* [Data to use]:
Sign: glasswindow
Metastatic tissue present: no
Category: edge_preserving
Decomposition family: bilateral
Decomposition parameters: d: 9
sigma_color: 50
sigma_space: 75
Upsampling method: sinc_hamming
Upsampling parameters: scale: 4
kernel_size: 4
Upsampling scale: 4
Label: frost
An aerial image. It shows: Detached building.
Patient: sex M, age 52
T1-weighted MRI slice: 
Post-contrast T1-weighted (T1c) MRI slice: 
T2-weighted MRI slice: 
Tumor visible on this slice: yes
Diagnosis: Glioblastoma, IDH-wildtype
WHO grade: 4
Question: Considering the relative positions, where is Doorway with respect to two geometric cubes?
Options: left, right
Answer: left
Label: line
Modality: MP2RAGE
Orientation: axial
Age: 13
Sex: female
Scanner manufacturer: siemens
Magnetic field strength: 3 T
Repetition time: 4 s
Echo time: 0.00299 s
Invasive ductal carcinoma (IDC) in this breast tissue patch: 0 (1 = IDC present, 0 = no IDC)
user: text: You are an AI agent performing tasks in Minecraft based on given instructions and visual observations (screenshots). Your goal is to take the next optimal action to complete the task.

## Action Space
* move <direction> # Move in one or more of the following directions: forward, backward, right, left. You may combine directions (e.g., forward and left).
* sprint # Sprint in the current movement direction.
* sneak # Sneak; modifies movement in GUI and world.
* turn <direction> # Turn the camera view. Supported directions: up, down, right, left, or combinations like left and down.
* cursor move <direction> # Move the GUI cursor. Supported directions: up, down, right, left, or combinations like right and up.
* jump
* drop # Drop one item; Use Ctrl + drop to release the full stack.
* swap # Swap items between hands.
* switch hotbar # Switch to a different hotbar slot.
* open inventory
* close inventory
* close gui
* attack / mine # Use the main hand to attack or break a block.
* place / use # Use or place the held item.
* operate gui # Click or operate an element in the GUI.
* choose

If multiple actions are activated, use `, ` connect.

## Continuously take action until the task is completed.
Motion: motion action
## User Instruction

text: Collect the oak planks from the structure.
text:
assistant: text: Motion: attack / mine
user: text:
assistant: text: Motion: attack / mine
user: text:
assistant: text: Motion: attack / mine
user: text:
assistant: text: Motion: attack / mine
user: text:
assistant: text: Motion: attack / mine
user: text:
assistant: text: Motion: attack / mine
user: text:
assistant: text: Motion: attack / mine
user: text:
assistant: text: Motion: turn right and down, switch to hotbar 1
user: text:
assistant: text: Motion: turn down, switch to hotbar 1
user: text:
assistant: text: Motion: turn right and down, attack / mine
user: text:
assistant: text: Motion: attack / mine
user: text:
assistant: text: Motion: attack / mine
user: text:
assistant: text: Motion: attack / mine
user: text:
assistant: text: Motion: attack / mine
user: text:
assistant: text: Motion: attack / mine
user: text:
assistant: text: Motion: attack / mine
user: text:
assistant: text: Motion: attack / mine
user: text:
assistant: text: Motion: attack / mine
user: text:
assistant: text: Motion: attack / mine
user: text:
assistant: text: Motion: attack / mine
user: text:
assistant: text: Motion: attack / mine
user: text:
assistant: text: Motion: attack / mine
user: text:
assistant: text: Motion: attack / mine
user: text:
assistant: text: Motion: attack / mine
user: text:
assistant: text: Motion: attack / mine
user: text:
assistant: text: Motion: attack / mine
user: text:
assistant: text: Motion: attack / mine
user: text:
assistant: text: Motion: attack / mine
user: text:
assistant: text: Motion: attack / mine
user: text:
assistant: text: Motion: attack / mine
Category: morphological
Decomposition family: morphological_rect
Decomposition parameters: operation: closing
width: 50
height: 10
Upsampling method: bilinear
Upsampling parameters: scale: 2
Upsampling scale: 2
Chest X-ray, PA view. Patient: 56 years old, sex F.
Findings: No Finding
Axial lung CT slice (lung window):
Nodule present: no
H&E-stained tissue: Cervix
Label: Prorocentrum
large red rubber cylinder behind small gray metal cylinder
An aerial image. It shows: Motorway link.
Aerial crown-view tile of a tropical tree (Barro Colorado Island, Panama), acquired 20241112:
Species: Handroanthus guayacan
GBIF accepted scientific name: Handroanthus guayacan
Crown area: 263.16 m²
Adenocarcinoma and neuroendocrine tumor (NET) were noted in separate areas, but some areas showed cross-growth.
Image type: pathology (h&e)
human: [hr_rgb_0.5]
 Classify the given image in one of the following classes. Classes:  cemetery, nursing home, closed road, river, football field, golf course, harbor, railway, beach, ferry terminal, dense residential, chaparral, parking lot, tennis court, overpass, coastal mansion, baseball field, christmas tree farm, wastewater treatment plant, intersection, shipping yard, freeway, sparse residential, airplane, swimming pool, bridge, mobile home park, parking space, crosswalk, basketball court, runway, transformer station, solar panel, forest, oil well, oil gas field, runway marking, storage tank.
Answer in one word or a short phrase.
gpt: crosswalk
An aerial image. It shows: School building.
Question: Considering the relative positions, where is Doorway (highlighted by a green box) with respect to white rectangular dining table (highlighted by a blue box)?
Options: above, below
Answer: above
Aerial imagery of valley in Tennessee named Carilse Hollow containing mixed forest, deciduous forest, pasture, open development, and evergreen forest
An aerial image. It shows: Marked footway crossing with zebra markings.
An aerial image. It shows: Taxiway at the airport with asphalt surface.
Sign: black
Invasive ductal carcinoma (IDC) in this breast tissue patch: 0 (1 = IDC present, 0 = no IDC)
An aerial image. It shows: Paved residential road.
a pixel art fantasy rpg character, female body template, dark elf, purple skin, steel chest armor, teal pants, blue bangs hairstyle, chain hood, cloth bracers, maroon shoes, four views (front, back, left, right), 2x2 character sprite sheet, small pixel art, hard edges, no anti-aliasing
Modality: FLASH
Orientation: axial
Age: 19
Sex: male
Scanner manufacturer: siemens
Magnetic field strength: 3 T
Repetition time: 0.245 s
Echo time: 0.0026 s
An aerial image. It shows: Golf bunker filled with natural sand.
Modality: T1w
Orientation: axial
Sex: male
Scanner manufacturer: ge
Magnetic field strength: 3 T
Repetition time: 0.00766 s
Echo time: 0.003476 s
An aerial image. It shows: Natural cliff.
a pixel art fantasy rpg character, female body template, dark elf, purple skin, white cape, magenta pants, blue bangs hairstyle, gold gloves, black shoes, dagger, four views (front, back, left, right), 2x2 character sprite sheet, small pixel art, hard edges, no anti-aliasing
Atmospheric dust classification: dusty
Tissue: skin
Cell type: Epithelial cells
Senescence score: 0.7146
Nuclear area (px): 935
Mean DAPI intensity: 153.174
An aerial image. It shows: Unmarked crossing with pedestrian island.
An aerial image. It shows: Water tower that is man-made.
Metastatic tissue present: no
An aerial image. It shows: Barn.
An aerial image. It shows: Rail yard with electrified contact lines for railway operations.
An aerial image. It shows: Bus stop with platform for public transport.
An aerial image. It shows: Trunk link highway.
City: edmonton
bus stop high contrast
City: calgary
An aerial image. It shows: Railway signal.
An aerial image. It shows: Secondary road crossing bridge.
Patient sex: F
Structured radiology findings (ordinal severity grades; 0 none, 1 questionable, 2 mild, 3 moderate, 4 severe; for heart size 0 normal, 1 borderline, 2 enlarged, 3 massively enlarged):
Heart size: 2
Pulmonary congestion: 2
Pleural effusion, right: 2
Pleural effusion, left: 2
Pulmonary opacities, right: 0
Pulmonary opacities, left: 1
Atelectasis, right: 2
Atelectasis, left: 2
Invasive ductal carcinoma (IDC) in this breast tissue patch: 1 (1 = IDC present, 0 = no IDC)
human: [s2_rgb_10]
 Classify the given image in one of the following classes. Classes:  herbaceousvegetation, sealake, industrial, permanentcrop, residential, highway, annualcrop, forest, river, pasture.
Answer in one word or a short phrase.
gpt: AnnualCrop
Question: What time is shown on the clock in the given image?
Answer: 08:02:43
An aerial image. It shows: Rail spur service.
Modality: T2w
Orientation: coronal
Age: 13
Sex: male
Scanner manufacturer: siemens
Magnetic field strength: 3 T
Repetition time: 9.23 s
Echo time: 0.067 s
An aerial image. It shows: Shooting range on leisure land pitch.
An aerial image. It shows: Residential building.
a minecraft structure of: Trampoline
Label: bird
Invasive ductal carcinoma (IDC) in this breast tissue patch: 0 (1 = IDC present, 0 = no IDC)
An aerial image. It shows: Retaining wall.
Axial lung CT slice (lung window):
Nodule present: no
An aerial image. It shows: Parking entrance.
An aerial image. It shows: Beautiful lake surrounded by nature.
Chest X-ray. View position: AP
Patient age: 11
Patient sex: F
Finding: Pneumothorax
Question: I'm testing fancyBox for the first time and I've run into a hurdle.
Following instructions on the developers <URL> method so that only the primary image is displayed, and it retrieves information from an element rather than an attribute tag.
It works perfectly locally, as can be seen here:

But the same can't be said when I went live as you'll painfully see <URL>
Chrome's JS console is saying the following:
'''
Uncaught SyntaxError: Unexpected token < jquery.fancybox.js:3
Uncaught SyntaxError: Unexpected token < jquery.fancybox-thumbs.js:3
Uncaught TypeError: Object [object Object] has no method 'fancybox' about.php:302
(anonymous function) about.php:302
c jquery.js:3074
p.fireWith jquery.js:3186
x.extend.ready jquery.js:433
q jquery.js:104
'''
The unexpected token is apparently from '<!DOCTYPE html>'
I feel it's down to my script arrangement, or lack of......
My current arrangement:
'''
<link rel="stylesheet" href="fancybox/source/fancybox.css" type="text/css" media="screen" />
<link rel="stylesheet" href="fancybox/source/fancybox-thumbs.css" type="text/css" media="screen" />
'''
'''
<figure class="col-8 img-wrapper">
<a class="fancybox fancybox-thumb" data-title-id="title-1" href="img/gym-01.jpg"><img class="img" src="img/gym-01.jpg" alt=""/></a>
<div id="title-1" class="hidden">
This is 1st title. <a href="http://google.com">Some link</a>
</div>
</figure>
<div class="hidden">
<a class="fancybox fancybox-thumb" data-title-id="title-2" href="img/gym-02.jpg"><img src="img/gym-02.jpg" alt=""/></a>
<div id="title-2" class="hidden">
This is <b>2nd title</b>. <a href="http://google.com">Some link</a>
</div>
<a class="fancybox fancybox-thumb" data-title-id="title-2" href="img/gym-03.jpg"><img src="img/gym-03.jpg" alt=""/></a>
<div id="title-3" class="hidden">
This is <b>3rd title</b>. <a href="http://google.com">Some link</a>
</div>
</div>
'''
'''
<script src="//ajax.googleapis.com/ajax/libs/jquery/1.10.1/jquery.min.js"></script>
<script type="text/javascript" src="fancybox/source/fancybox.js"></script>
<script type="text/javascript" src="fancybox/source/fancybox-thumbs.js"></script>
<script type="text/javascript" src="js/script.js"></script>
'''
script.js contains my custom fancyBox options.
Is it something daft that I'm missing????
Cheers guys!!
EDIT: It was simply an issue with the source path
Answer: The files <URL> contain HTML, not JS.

* [Your instructions]:
Nothing but the lines above from the one containing "user: text: You" through the one containing "GUI and world." should appear in the answer, each repeated exactly.

* [Output below]:
user: text: You are an AI agent performing tasks in Minecraft based on given instructions and visual observations (screenshots). Your goal is to take the next optimal action to complete the task.

## Action Space
* move <direction> # Move in one or more of the following directions: forward, backward, right, left. You may combine directions (e.g., forward and left).
* sprint # Sprint in the current movement direction.
* sneak # Sneak; modifies movement in GUI and world.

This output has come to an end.